Dad grinned. “Yep, her name means “Pretty Elegant”. How about that.”

“But, Dad, why haven’t you ever told us about this?”

“Because I couldn’t. How was I supposed to? What would your mother think? Well, anyway, when I sobered up, I started thinking, maybe it’s my only one true good memory from the war that I can recover and hang on to. How it just wasn’t right to have abandoned Li Xiu, her mom, so I tracked her down with the help of your mother’s Private Eye brother, Gizzepp – swore the bastard to secrecy – and found out that Li-Na lives in Wuhan and is married with two kids. Li Xiu mailed me a picture of her.”

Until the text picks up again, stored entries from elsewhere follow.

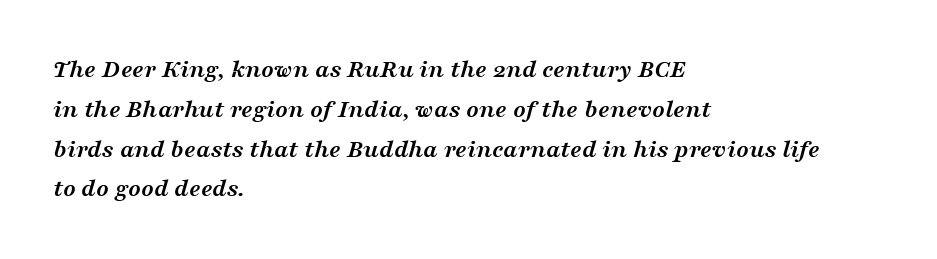
Q: Is the text bold? A: Yes.
Q: Is the text italic (slanted)? A: Yes, it leans right by about 16 degrees.
Q: Is the text underlined? A: No.
Q: How is the paragraph aligned? A: Left-aligned.
Q: Is the spacing between letters normal or unusually wide? A: Normal.
Q: Is the spacing between lines tight, normal or loose? A: Normal.
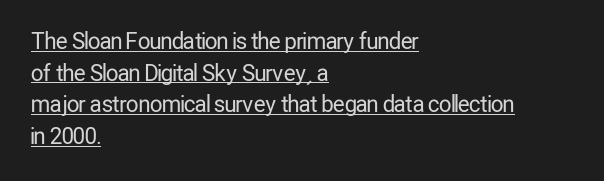
The image shows 22 px text type, upright; set left-aligned, normal line spacing (1.44x), normal letter spacing, underlined.
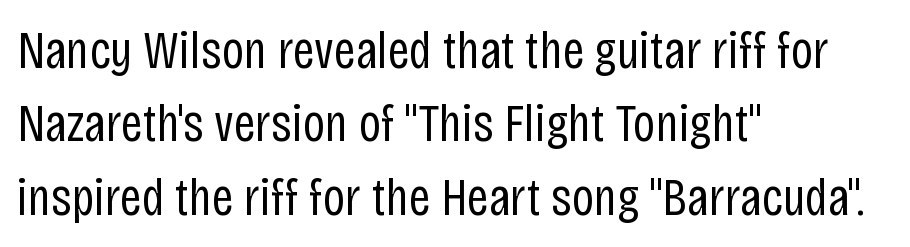
The image shows 54 px regular-weight, condensed sans-serif type, upright; set left-aligned, normal line spacing (1.36x), normal letter spacing, not underlined; low stroke contrast and a large x-height.
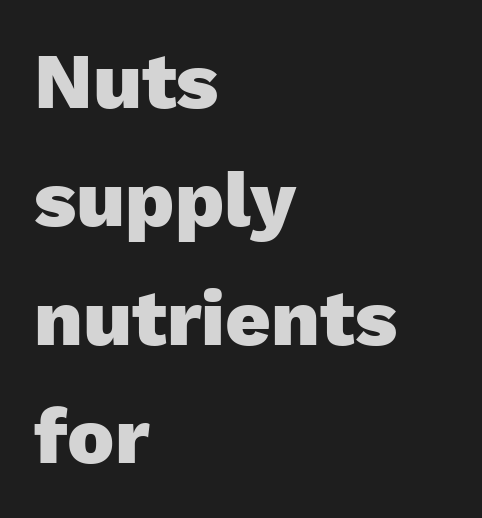
{"serif": "no", "italic": "no", "bold": "yes", "weight": "heavy", "width": "normal", "stroke_contrast": "low", "x_height": "medium", "monospaced": "no", "underline": "no", "align": "left", "line_spacing": "normal", "line_spacing_ratio": 1.5, "letter_spacing": "normal", "letter_spacing_em": 0.0, "glyph_px": 79}
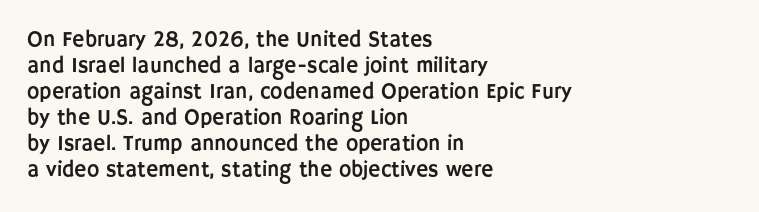
The image shows 21 px text type, upright; set left-aligned, line spacing 1.24x, normal letter spacing, not underlined.
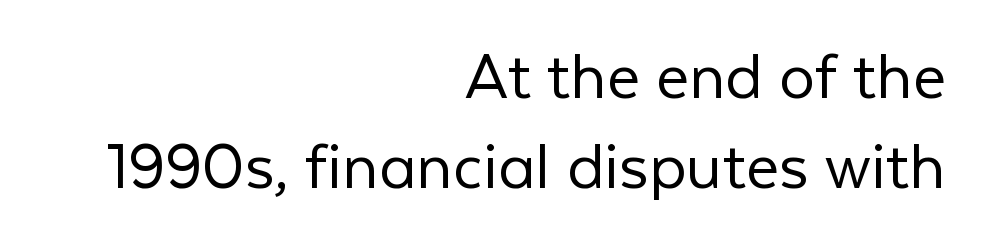
The image shows 72 px light sans-serif type, upright; set right-aligned, normal line spacing (1.25x), normal letter spacing, not underlined; low stroke contrast and a medium x-height.
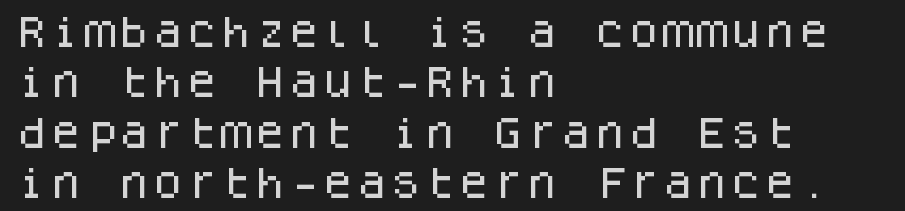
The image shows 34 px sans-serif type, upright, monospaced; set left-aligned, normal line spacing (1.48x), normal letter spacing, not underlined; low stroke contrast and a large x-height.
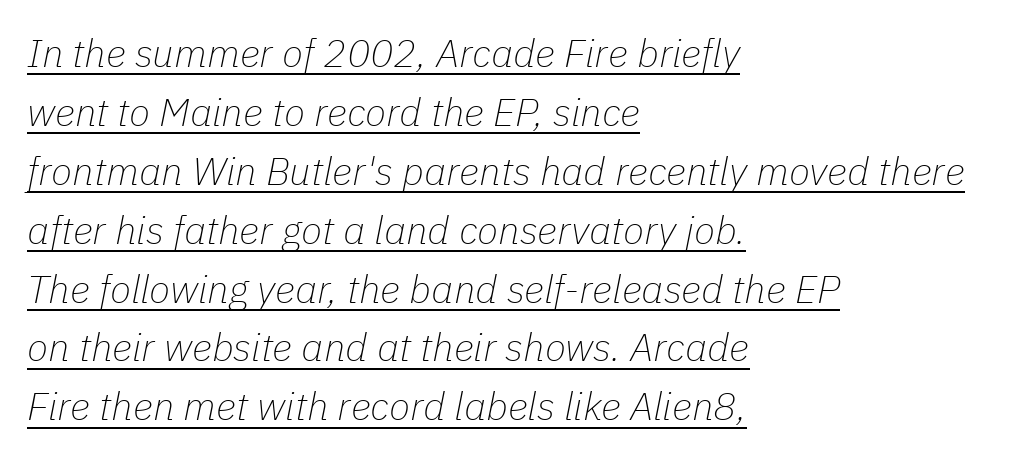
The image shows 39 px thin type, italic (leaning right); set left-aligned, normal line spacing (1.51x), normal letter spacing, underlined; low stroke contrast and a medium x-height.
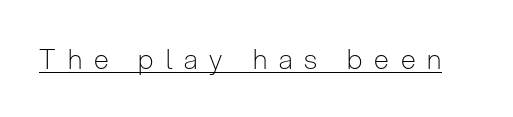
The image shows 27 px text type, upright; set unusually wide letter spacing (+0.44 em), underlined.
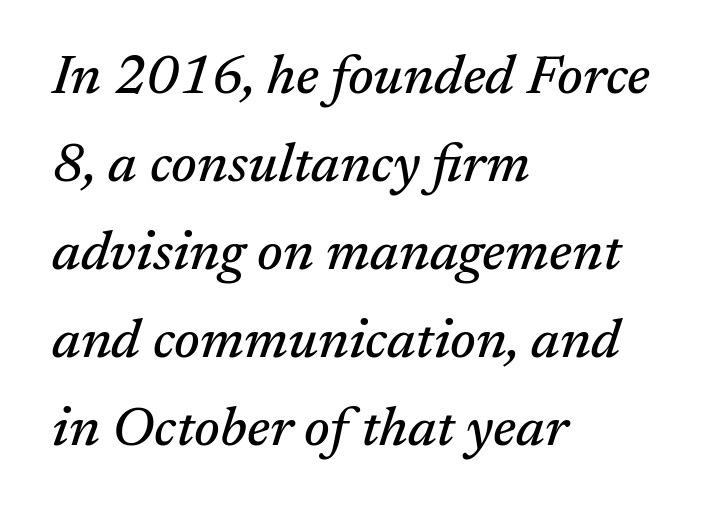
The image shows 55 px serif type, italic (leaning right); set left-aligned, normal line spacing (1.6x), normal letter spacing, not underlined; medium stroke contrast and a medium x-height.
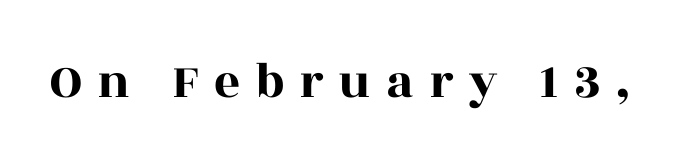
Q: Is the text italic (slanted)? A: No, it is upright.
Q: Is the typeface a serif or a sans-serif typeface? A: Serif.
Q: Is the text underlined? A: No.
Q: Is the spacing between letters normal or unusually wide? A: Unusually wide.
Q: Width (condensed, normal, or wide)? A: Wide.
Q: x-height? A: Large.
Q: Monospaced? A: No.
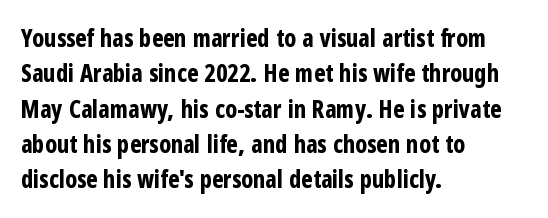
{"italic": "no", "bold": "yes", "underline": "no", "align": "left", "line_spacing": "normal", "line_spacing_ratio": 1.47, "letter_spacing": "normal", "letter_spacing_em": 0.0, "glyph_px": 24}
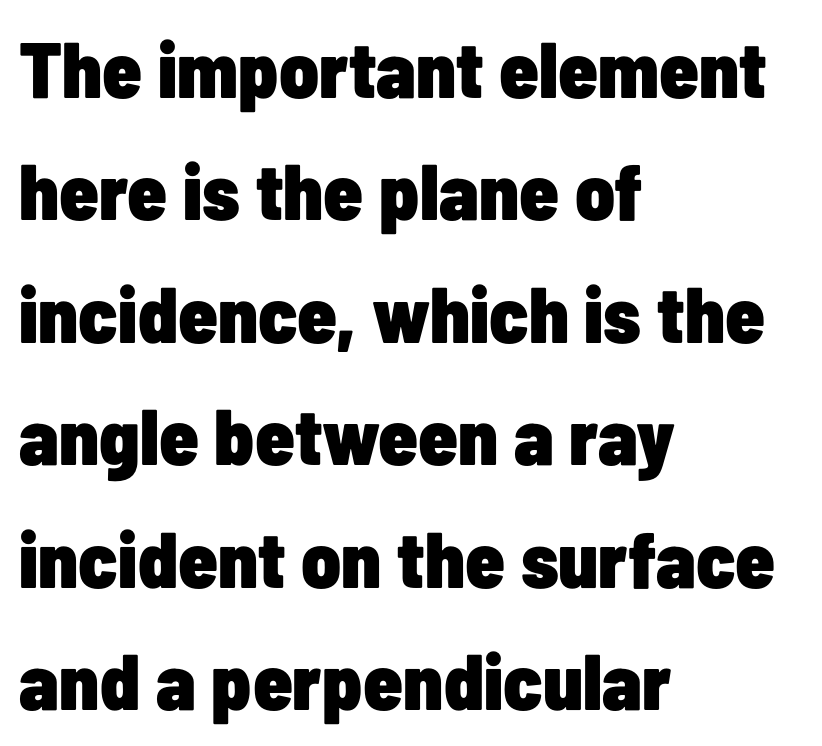
Grotesque or geometric, the face here clearly has no serifs. Horizontal alignment here is leftward, the default for most running prose. Character widths vary here, with narrow letters taking less room than wide ones. Bold? Absolutely — the strokes are thick and heavy. You could call the tracking neutral — neither tight nor loose. Rendered with straight, roman letterforms.

“You mean you have the picture with you, Dad?”

Dad got out his wallet and rooted around in one of the compartments and pulled out a tiny crumpled photograph and held it up for me to see pinched between his elongated thumb and crooked forefinger. “Isn’t she - pretty elegant!” Dad said proudly.

Truly, she was, with her exotic Asian aspect and Dad’s All-American good looks. I asked excitedly, “Dad, do you think you will ever see Li-Na and her mom again?”

All Dad said was, “Mind you, keep this under wraps. This is our secret for now, got that.”

Dad then checked his watch and said. “We’re losing track of the time, son! We better pick up the pace. We’re due at Grimsby’s funeral home to pick up old man Waldrip’s body in two hours.”

We made it to Hattiesburg, located the funeral home, loaded old man Waldrip’s casket into the Hearsemobile, bid Mr. Grimsby adieu, and off we went on the fairly uneventful return journey home, an estimated thirty hours of driving.

By this time, our talk was exhausted, but I sensed that something had clicked in our relationship. It was all for the better, too, now that we had shared in so much together. All the stories unleashed from their cages, all the secrets released from Dad’s heart, had bonded us, finally, as Father and Son. A relationship restored, made whole, born from the confessions and sharing of the most buried of stories and secrets in a man’s soul.

Crossing the border into Indiana, Dad said, “This was a mighty fine adventure, don’t you think, son. Something to remember, I reckon. I know you fancy yourself a writer, and you’re pretty good at it. Maybe you can write up this story someday when I’m dead and buried.”

“I hope so, Dad, because there’s a lot to tell, and who’s gonna believe it anyway, unless I tell it.”

“Sure thing, son,” Dad said. Then one of his trademark tension-filled pauses that I had come to expect. “And just wait until our next trip I’ve got planned for us!”

My eyebrows raised. “Next trip? What are you talking about, Dad? This one’s not even over yet!”

“Well, son, take a guess.”

I drew a blank. “I dunno, Dad. What? I can’t imagine. Maybe visiting Uncle Gizzepp in Chicago to see a Cubs game? Yeah, that’d be real fun!”

Dad reached for his wallet, and pulled out that little picture he’d shown me earlier and held it up for me to see. “Son, when you turn 17 next year, for your high school graduation present, we’re going to China to meet Li-Na and her mom, Li Xiu.”